Advocates for Youth Newsletter



MAY 2017 iYAN

Advocates’ International Youth Activist Network (iYAN) consists of youth activists and adult allies from low and middle-income countries who are working to influence policies and programs in their countries and internationally to support improved youth reproductive and sexual health. Members of the iYAN connect to share information about their work; are provided information about scholarships and networking opportunities; get up-to-date information on downloadable advocacy materials and tool kits; and receive a monthly newsletter with information on advocacy, youth activism, and mobilization on important issues like sex education, access to contraception, and prevention of adolescent maternal mortality and HIV.

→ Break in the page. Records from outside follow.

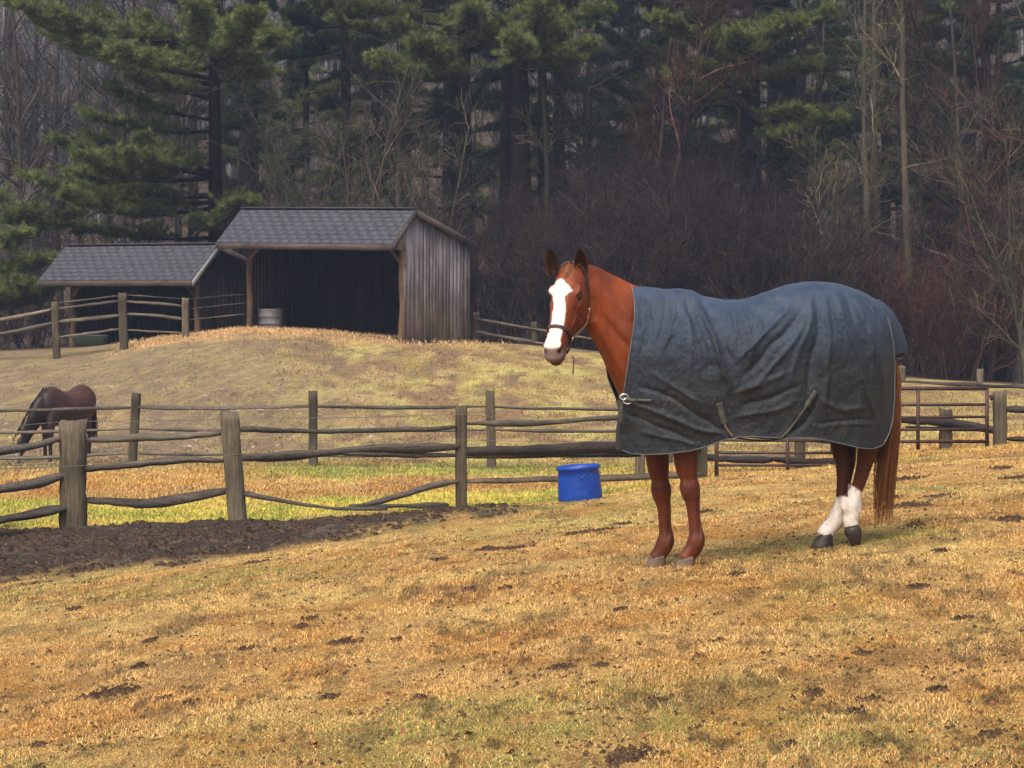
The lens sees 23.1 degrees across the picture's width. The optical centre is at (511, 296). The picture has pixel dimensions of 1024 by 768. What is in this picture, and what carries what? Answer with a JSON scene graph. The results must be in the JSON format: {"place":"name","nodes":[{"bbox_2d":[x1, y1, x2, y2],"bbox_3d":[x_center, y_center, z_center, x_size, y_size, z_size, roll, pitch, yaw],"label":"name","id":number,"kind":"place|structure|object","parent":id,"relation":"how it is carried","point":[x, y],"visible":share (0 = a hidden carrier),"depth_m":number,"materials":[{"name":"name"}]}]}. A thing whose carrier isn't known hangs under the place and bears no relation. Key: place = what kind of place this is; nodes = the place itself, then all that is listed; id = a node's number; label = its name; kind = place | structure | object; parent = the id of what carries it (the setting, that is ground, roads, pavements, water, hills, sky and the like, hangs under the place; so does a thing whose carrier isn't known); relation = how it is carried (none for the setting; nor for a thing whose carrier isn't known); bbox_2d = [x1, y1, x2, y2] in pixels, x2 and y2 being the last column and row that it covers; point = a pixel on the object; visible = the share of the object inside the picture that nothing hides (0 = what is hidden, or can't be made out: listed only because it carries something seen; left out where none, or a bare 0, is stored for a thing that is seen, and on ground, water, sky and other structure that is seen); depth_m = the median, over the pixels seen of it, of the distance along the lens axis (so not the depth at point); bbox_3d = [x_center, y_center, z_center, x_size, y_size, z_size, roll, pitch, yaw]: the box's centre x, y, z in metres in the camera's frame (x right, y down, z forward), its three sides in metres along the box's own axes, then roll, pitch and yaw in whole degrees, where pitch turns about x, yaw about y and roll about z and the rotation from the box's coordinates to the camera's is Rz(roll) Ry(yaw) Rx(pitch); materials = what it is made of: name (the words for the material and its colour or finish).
{"place":"outdoors","nodes":[
{"label":"outdoors","id":0,"kind":"place"},
{"bbox_2d":[0,0,1023,767],"bbox_3d":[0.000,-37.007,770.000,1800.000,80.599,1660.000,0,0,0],"label":"ground","id":1,"kind":"structure","parent":0,"point":[110,372],"depth_m":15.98,"materials":[{"name":"plant"}]},
{"bbox_2d":[0,230,74,347],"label":"shrub","id":2,"kind":"object","parent":1,"relation":"on","point":[44,316],"visible":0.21,"depth_m":76.41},
{"bbox_2d":[0,0,88,325],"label":"bare tree","id":3,"kind":"object","parent":1,"relation":"on","point":[36,38],"visible":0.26,"depth_m":101.35,"materials":[{"name":"grey plant"}]},
{"bbox_2d":[0,179,90,311],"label":"pine tree","id":4,"kind":"object","parent":1,"relation":"on","point":[25,220],"visible":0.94,"depth_m":72.11,"materials":[{"name":"green plant"}]},
{"bbox_2d":[0,0,99,329],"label":"bare tree","id":5,"kind":"object","parent":1,"relation":"on","point":[7,168],"visible":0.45,"depth_m":95.13,"materials":[{"name":"grey plant"}]},
{"bbox_2d":[12,385,98,462],"bbox_3d":[-8.363,2.359,46.457,0.618,1.425,2.246,0,0,25],"label":"horse","id":6,"kind":"object","parent":1,"relation":"on","point":[75,396],"visible":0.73,"depth_m":46.02},
{"bbox_2d":[0,0,119,333],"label":"bare tree","id":7,"kind":"object","parent":1,"relation":"on","point":[55,167],"visible":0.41,"depth_m":95.64,"materials":[{"name":"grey plant"}]},
{"bbox_2d":[0,0,136,327],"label":"bare tree","id":8,"kind":"object","parent":1,"relation":"on","point":[19,130],"visible":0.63,"depth_m":90.09,"materials":[{"name":"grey plant"}]},
{"bbox_2d":[23,0,144,258],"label":"bare tree","id":9,"kind":"object","parent":1,"relation":"on","point":[79,87],"visible":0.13,"depth_m":100.24,"materials":[{"name":"grey plant"}]},
{"bbox_2d":[44,0,198,243],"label":"bare tree","id":10,"kind":"object","parent":1,"relation":"on","point":[124,112],"visible":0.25,"depth_m":92.43,"materials":[{"name":"grey plant"}]},
{"bbox_2d":[0,292,245,358],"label":"rail fence","id":11,"kind":"object","parent":1,"relation":"on","point":[122,314],"visible":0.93,"depth_m":62.81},
{"bbox_2d":[47,0,229,243],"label":"bare tree","id":12,"kind":"object","parent":1,"relation":"on","point":[127,134],"visible":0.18,"depth_m":91.94,"materials":[{"name":"grey plant"}]},
{"bbox_2d":[37,242,245,347],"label":"shelter","id":13,"kind":"object","parent":1,"relation":"on","point":[170,271],"visible":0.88,"depth_m":67.33,"materials":[{"name":"wood"}]},
{"bbox_2d":[0,0,298,242],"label":"pine tree","id":14,"kind":"object","parent":1,"relation":"on","point":[162,58],"visible":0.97,"depth_m":72.94,"materials":[{"name":"green plant"}]},
{"bbox_2d":[83,0,284,242],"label":"pine tree","id":15,"kind":"object","parent":1,"relation":"on","point":[236,106],"visible":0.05,"depth_m":104.11,"materials":[{"name":"green plant"}]},
{"bbox_2d":[110,0,285,242],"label":"bare tree","id":16,"kind":"object","parent":1,"relation":"on","point":[179,122],"visible":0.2,"depth_m":90.14,"materials":[{"name":"grey plant"}]},
{"bbox_2d":[221,0,277,253],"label":"pine tree","id":17,"kind":"object","parent":1,"relation":"on","point":[244,117],"visible":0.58,"depth_m":82.96,"materials":[{"name":"green plant"}]},
{"bbox_2d":[163,63,356,255],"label":"bare tree","id":18,"kind":"object","parent":1,"relation":"on","point":[247,169],"visible":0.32,"depth_m":77.07,"materials":[{"name":"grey plant"}]},
{"bbox_2d":[0,502,526,585],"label":"mud clods","id":19,"kind":"object","parent":1,"relation":"on","point":[169,551],"visible":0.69,"depth_m":22.98,"materials":[{"name":"soil"}]},
{"bbox_2d":[185,0,404,206],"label":"pine tree","id":20,"kind":"object","parent":1,"relation":"on","point":[273,6],"visible":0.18,"depth_m":96.47,"materials":[{"name":"green plant"}]},
{"bbox_2d":[209,67,391,250],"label":"bare tree","id":21,"kind":"object","parent":1,"relation":"on","point":[294,203],"visible":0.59,"depth_m":72.86,"materials":[{"name":"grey plant"}]},
{"bbox_2d":[221,1,395,230],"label":"pine tree","id":22,"kind":"object","parent":1,"relation":"on","point":[334,86],"visible":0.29,"depth_m":91.92,"materials":[{"name":"green plant"}]},
{"bbox_2d":[109,324,510,354],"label":"dry grass","id":23,"kind":"structure","parent":1,"relation":"on","point":[226,331],"depth_m":62.63,"materials":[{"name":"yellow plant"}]},
{"bbox_2d":[259,9,391,206],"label":"pine tree","id":24,"kind":"object","parent":1,"relation":"on","point":[317,70],"visible":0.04,"depth_m":117.12,"materials":[{"name":"green plant"}]},
{"bbox_2d":[216,207,477,342],"bbox_3d":[-4.207,-0.514,64.427,5.190,3.619,4.506,0,0,27],"label":"tall shelter","id":25,"kind":"object","parent":1,"relation":"on","point":[403,273],"visible":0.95,"depth_m":64.10,"materials":[{"name":"wood"}]},
{"bbox_2d":[0,405,706,527],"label":"rail fence","id":26,"kind":"object","parent":1,"relation":"on","point":[72,439],"visible":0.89,"depth_m":29.86,"materials":[{"name":"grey wood"}]},
{"bbox_2d":[268,0,444,206],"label":"pine tree","id":27,"kind":"object","parent":1,"relation":"on","point":[298,17],"visible":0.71,"depth_m":86.75,"materials":[{"name":"green plant"}]},
{"bbox_2d":[284,30,442,211],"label":"bare tree","id":28,"kind":"object","parent":1,"relation":"on","point":[379,173],"visible":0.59,"depth_m":70.70,"materials":[{"name":"brown plant"}]},
{"bbox_2d":[295,1,442,206],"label":"tree","id":29,"kind":"object","parent":1,"relation":"on","point":[377,126],"visible":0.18,"depth_m":96.61,"materials":[{"name":"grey plant"}]},
{"bbox_2d":[326,0,473,224],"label":"bare tree","id":30,"kind":"object","parent":1,"relation":"on","point":[399,109],"visible":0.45,"depth_m":78.20,"materials":[{"name":"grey plant"}]},
{"bbox_2d":[275,0,537,206],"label":"pine tree","id":31,"kind":"object","parent":1,"relation":"on","point":[332,101],"visible":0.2,"depth_m":95.99,"materials":[{"name":"green plant"}]},
{"bbox_2d":[302,0,520,338],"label":"pine tree","id":32,"kind":"object","parent":1,"relation":"on","point":[451,64],"visible":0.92,"depth_m":77.31,"materials":[{"name":"green plant"}]},
{"bbox_2d":[0,390,830,468],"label":"rail fence","id":33,"kind":"object","parent":1,"relation":"on","point":[313,406],"visible":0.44,"depth_m":43.20,"materials":[{"name":"wood"}]},
{"bbox_2d":[371,80,518,276],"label":"bare tree","id":34,"kind":"object","parent":1,"relation":"on","point":[459,173],"visible":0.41,"depth_m":73.44,"materials":[{"name":"grey plant"}]},
{"bbox_2d":[358,0,553,246],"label":"pine tree","id":35,"kind":"object","parent":1,"relation":"on","point":[481,82],"visible":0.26,"depth_m":93.03,"materials":[{"name":"green plant"}]},
{"bbox_2d":[414,0,500,295],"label":"tree","id":36,"kind":"object","parent":1,"relation":"on","point":[472,76],"visible":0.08,"depth_m":106.24,"materials":[{"name":"grey plant"}]},
{"bbox_2d":[391,169,526,296],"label":"shrub","id":37,"kind":"object","parent":1,"relation":"on","point":[476,255],"visible":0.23,"depth_m":73.54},
{"bbox_2d":[472,0,512,334],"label":"pine tree","id":38,"kind":"object","parent":1,"relation":"on","point":[505,126],"visible":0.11,"depth_m":85.83,"materials":[{"name":"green plant"}]},
{"bbox_2d":[2,487,1005,763],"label":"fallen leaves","id":39,"kind":"object","parent":1,"relation":"on","point":[556,673],"visible":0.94,"depth_m":11.02,"materials":[{"name":"brown plant"}]},
{"bbox_2d":[430,170,583,342],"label":"shrub","id":40,"kind":"object","parent":1,"relation":"on","point":[495,287],"visible":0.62,"depth_m":73.38,"materials":[{"name":"plant"}]},
{"bbox_2d":[1,334,1018,466],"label":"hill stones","id":41,"kind":"object","parent":1,"relation":"on","point":[277,444],"visible":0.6,"depth_m":54.18,"materials":[{"name":"stone"}]},
{"bbox_2d":[470,0,550,273],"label":"tree","id":42,"kind":"object","parent":1,"relation":"on","point":[494,137],"visible":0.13,"depth_m":112.66,"materials":[{"name":"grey plant"}]},
{"bbox_2d":[0,0,1023,253],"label":"distant wood","id":43,"kind":"object","parent":1,"relation":"on","point":[228,4],"visible":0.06,"depth_m":140.41,"materials":[{"name":"plant"}]},
{"bbox_2d":[0,271,1023,383],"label":"undergrowth","id":44,"kind":"object","parent":1,"relation":"on","point":[6,341],"visible":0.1,"depth_m":71.25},
{"bbox_2d":[537,1,548,316],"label":"pine tree","id":45,"kind":"object","parent":1,"relation":"on","point":[540,164],"visible":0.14,"depth_m":78.88,"materials":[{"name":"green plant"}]},
{"bbox_2d":[466,198,627,347],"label":"shrub","id":46,"kind":"object","parent":1,"relation":"on","point":[531,279],"visible":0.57,"depth_m":70.39,"materials":[{"name":"plant"}]},
{"bbox_2d":[487,0,618,339],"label":"pine tree","id":47,"kind":"object","parent":1,"relation":"on","point":[522,40],"visible":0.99,"depth_m":74.99,"materials":[{"name":"green plant"}]},
{"bbox_2d":[500,0,609,342],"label":"bare tree","id":48,"kind":"object","parent":1,"relation":"on","point":[546,140],"visible":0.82,"depth_m":76.52,"materials":[{"name":"grey plant"}]},
{"bbox_2d":[427,0,697,230],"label":"pine tree","id":49,"kind":"object","parent":1,"relation":"on","point":[495,103],"visible":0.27,"depth_m":95.47,"materials":[{"name":"green plant"}]},
{"bbox_2d":[476,123,665,261],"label":"shrub","id":50,"kind":"object","parent":1,"relation":"on","point":[551,161],"visible":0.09,"depth_m":78.95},
{"bbox_2d":[492,0,655,248],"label":"bare tree","id":51,"kind":"object","parent":1,"relation":"on","point":[584,111],"visible":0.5,"depth_m":84.12,"materials":[{"name":"grey plant"}]},
{"bbox_2d":[556,463,602,501],"bbox_3d":[0.636,1.752,23.600,0.438,0.354,0.433,0,0,0],"label":"bucket","id":52,"kind":"object","parent":1,"relation":"on","point":[578,482],"visible":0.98,"depth_m":23.43,"materials":[{"name":"blue plastic"}]},
{"bbox_2d":[450,130,718,346],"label":"shrub","id":53,"kind":"object","parent":1,"relation":"on","point":[636,189],"visible":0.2,"depth_m":73.25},
{"bbox_2d":[530,0,668,206],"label":"bare tree","id":54,"kind":"object","parent":1,"relation":"on","point":[598,104],"visible":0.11,"depth_m":103.68,"materials":[{"name":"grey plant"}]},
{"bbox_2d":[498,139,712,350],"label":"shrub","id":55,"kind":"object","parent":1,"relation":"on","point":[593,249],"visible":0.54,"depth_m":68.48,"materials":[{"name":"plant"}]},
{"bbox_2d":[528,179,711,347],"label":"shrub","id":56,"kind":"object","parent":1,"relation":"on","point":[666,254],"visible":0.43,"depth_m":68.87,"materials":[{"name":"plant"}]},
{"bbox_2d":[565,0,719,210],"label":"pine tree","id":57,"kind":"object","parent":1,"relation":"on","point":[628,32],"visible":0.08,"depth_m":102.59,"materials":[{"name":"green plant"}]},
{"bbox_2d":[552,0,739,219],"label":"pine tree","id":58,"kind":"object","parent":1,"relation":"on","point":[626,15],"visible":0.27,"depth_m":95.29,"materials":[{"name":"green plant"}]},
{"bbox_2d":[527,118,764,343],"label":"shrub","id":59,"kind":"object","parent":1,"relation":"on","point":[674,146],"visible":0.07,"depth_m":78.17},
{"bbox_2d":[533,159,771,295],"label":"shrub","id":60,"kind":"object","parent":1,"relation":"on","point":[654,257],"visible":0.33,"depth_m":70.33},
{"bbox_2d":[534,124,799,291],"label":"shrub","id":61,"kind":"object","parent":1,"relation":"on","point":[615,164],"visible":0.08,"depth_m":76.55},
{"bbox_2d":[565,0,777,281],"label":"bare tree","id":62,"kind":"object","parent":1,"relation":"on","point":[696,78],"visible":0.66,"depth_m":74.94,"materials":[{"name":"brown plant"}]},
{"bbox_2d":[612,0,731,252],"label":"bare tree","id":63,"kind":"object","parent":1,"relation":"on","point":[649,124],"visible":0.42,"depth_m":79.56,"materials":[{"name":"grey plant"}]},
{"bbox_2d":[611,126,816,297],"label":"shrub","id":64,"kind":"object","parent":1,"relation":"on","point":[695,186],"visible":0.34,"depth_m":71.10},
{"bbox_2d":[611,121,817,285],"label":"shrub","id":65,"kind":"object","parent":1,"relation":"on","point":[772,165],"visible":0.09,"depth_m":76.42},
{"bbox_2d":[543,248,907,568],"bbox_3d":[1.253,0.668,14.865,2.226,1.912,0.716,0,0,-6],"label":"horse","id":66,"kind":"object","parent":1,"relation":"on","point":[690,373],"visible":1,"depth_m":14.66},
{"bbox_2d":[654,162,823,299],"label":"shrub","id":67,"kind":"object","parent":1,"relation":"on","point":[703,216],"visible":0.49,"depth_m":68.97,"materials":[{"name":"plant"}]},
{"bbox_2d":[624,2,858,210],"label":"pine tree","id":68,"kind":"object","parent":1,"relation":"on","point":[779,45],"visible":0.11,"depth_m":90.66,"materials":[{"name":"green plant"}]},
{"bbox_2d":[640,0,853,256],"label":"pine tree","id":69,"kind":"object","parent":1,"relation":"on","point":[745,35],"visible":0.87,"depth_m":77.13,"materials":[{"name":"green plant"}]},
{"bbox_2d":[473,312,1023,388],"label":"rail fence","id":70,"kind":"object","parent":1,"relation":"on","point":[533,328],"visible":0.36,"depth_m":66.37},
{"bbox_2d":[697,0,799,236],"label":"bare tree","id":71,"kind":"object","parent":1,"relation":"on","point":[736,135],"visible":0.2,"depth_m":82.07,"materials":[{"name":"grey plant"}]},
{"bbox_2d":[638,0,890,247],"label":"pine tree","id":72,"kind":"object","parent":1,"relation":"on","point":[777,57],"visible":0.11,"depth_m":100.52,"materials":[{"name":"green plant"}]},
{"bbox_2d":[714,439,833,476],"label":"metal gate","id":73,"kind":"structure","parent":1,"relation":"on","point":[717,465],"depth_m":34.09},
{"bbox_2d":[675,179,873,299],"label":"shrub","id":74,"kind":"object","parent":1,"relation":"on","point":[741,295],"visible":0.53,"depth_m":68.72,"materials":[{"name":"plant"}]},
{"bbox_2d":[677,165,928,301],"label":"shrub","id":75,"kind":"object","parent":1,"relation":"on","point":[792,269],"visible":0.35,"depth_m":69.56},
{"bbox_2d":[712,0,899,241],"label":"pine tree","id":76,"kind":"object","parent":1,"relation":"on","point":[851,126],"visible":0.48,"depth_m":86.67,"materials":[{"name":"green plant"}]},
{"bbox_2d":[713,0,899,282],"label":"bare tree","id":77,"kind":"object","parent":1,"relation":"on","point":[819,134],"visible":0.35,"depth_m":79.48,"materials":[{"name":"grey plant"}]},
{"bbox_2d":[635,408,992,473],"bbox_3d":[4.681,2.373,38.437,5.586,1.330,0.475,0,0,1],"label":"rail fence","id":78,"kind":"object","parent":1,"relation":"on","point":[801,446],"visible":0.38,"depth_m":38.36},
{"bbox_2d":[738,138,901,282],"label":"shrub","id":79,"kind":"object","parent":1,"relation":"on","point":[871,208],"visible":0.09,"depth_m":78.54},
{"bbox_2d":[755,78,946,303],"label":"bare tree","id":80,"kind":"object","parent":1,"relation":"on","point":[841,176],"visible":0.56,"depth_m":70.98,"materials":[{"name":"brown plant"}]},
{"bbox_2d":[778,200,934,323],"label":"shrub","id":81,"kind":"object","parent":1,"relation":"on","point":[905,235],"visible":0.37,"depth_m":70.26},
{"bbox_2d":[806,0,928,253],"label":"pine tree","id":82,"kind":"object","parent":1,"relation":"on","point":[854,136],"visible":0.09,"depth_m":110.41,"materials":[{"name":"green plant"}]},
{"bbox_2d":[819,0,919,251],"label":"bare tree","id":83,"kind":"object","parent":1,"relation":"on","point":[863,99],"visible":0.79,"depth_m":75.73,"materials":[{"name":"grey plant"}]},
{"bbox_2d":[803,0,942,255],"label":"bare tree","id":84,"kind":"object","parent":1,"relation":"on","point":[855,103],"visible":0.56,"depth_m":78.26,"materials":[{"name":"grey plant"}]},
{"bbox_2d":[807,0,979,302],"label":"pine tree","id":85,"kind":"object","parent":1,"relation":"on","point":[843,79],"visible":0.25,"depth_m":91.28,"materials":[{"name":"green plant"}]},
{"bbox_2d":[841,244,968,375],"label":"shrub","id":86,"kind":"object","parent":1,"relation":"on","point":[899,310],"visible":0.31,"depth_m":70.59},
{"bbox_2d":[838,0,981,374],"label":"bare tree","id":87,"kind":"object","parent":1,"relation":"on","point":[905,166],"visible":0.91,"depth_m":71.89,"materials":[{"name":"grey plant"}]},
{"bbox_2d":[845,0,1010,287],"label":"bare tree","id":88,"kind":"object","parent":1,"relation":"on","point":[919,80],"visible":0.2,"depth_m":91.55,"materials":[{"name":"grey plant"}]},
{"bbox_2d":[854,0,1010,366],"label":"bare tree","id":89,"kind":"object","parent":1,"relation":"on","point":[913,22],"visible":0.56,"depth_m":76.81,"materials":[{"name":"grey plant"}]},
{"bbox_2d":[849,0,1023,376],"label":"bare tree","id":90,"kind":"object","parent":1,"relation":"on","point":[957,124],"visible":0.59,"depth_m":74.09,"materials":[{"name":"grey plant"}]},
{"bbox_2d":[863,0,1023,293],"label":"bare tree","id":91,"kind":"object","parent":1,"relation":"on","point":[977,106],"visible":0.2,"depth_m":91.04,"materials":[{"name":"grey plant"}]},
{"bbox_2d":[892,257,1004,379],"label":"shrub","id":92,"kind":"object","parent":1,"relation":"on","point":[941,343],"visible":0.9,"depth_m":69.31,"materials":[{"name":"plant"}]},
{"bbox_2d":[877,0,1023,286],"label":"pine tree","id":93,"kind":"object","parent":1,"relation":"on","point":[1020,65],"visible":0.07,"depth_m":99.25,"materials":[{"name":"green plant"}]},
{"bbox_2d":[881,231,1023,380],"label":"shrub","id":94,"kind":"object","parent":1,"relation":"on","point":[994,347],"visible":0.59,"depth_m":70.14,"materials":[{"name":"plant"}]},
{"bbox_2d":[885,0,1023,364],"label":"pine tree","id":95,"kind":"object","parent":1,"relation":"on","point":[1000,29],"visible":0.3,"depth_m":81.95,"materials":[{"name":"green plant"}]},
{"bbox_2d":[890,0,1023,271],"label":"pine tree","id":96,"kind":"object","parent":1,"relation":"on","point":[998,58],"visible":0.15,"depth_m":92.91,"materials":[{"name":"green plant"}]},
{"bbox_2d":[900,0,1023,380],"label":"bare tree","id":97,"kind":"object","parent":1,"relation":"on","point":[987,182],"visible":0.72,"depth_m":70.44,"materials":[{"name":"brown plant"}]},
{"bbox_2d":[911,202,1022,381],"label":"shrub","id":98,"kind":"object","parent":1,"relation":"on","point":[999,376],"visible":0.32,"depth_m":71.73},
{"bbox_2d":[918,82,1023,378],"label":"bare tree","id":99,"kind":"object","parent":1,"relation":"on","point":[1008,284],"visible":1,"depth_m":65.91,"materials":[{"name":"brown plant"}]},
{"bbox_2d":[966,0,1023,382],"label":"bare tree","id":100,"kind":"object","parent":1,"relation":"on","point":[1019,372],"visible":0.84,"depth_m":69.83,"materials":[{"name":"plant"}]},
{"bbox_2d":[992,389,1023,445],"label":"rail fence","id":101,"kind":"object","parent":1,"relation":"on","point":[1001,408],"visible":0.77,"depth_m":35.13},
{"bbox_2d":[900,386,993,449],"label":"metal gate","id":102,"kind":"structure","parent":101,"relation":"attached to","point":[917,417],"depth_m":34.82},
{"bbox_2d":[0,331,1023,528],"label":"paddock grass","id":103,"kind":"structure","parent":0,"point":[442,494],"depth_m":41.73,"materials":[{"name":"plant"}]},
{"bbox_2d":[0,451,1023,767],"bbox_3d":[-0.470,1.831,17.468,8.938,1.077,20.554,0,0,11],"label":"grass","id":104,"kind":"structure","parent":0,"point":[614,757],"depth_m":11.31,"materials":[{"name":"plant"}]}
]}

What’s Going on at Advocates for Youth?

Advocates’ Partner Organization in Pakistan Developing Video for Health Providers on Needs of Transgeder, Gay Men and MSM Youth

Advocates for Youth’s partner organization in Pakistan, the Naz Male Health Alliance (NMHA) has been developing a short film to educate health care providers about the needs of the transgender, gay men and MSM youth communities. The video focuses on personal narratives in the form of several interviews, including with members from the community, such as a transgender man who describes the discrimination they have faced. Among the many issues discussed in the video, people from the community talk about how they were denied medical care based on their HIV positive status, laughed at because they are transgender, and harassed because of who they are. The film ends with a strong message about the humanity of the LGBT community. Stay tuned—this video will be a great tool to strengthen providers’ cultural competency and ability to better serve transgender, gay men and MSM youth.

My Voice Counts!

Attention Feminists—There’s Still Time to Apply for the Mama Cash New Funding Opportunity!

Mama Cash is open to receiving new grant requests from feminist groups–this year, Mama Cash hopes to support up to 15 new feminist groups led by women, girls and trans people. The deadline is May 15th 2017, 11:59 pm CEST. For information about criteria and priorities, go here

For information about criteria and priorities, go here.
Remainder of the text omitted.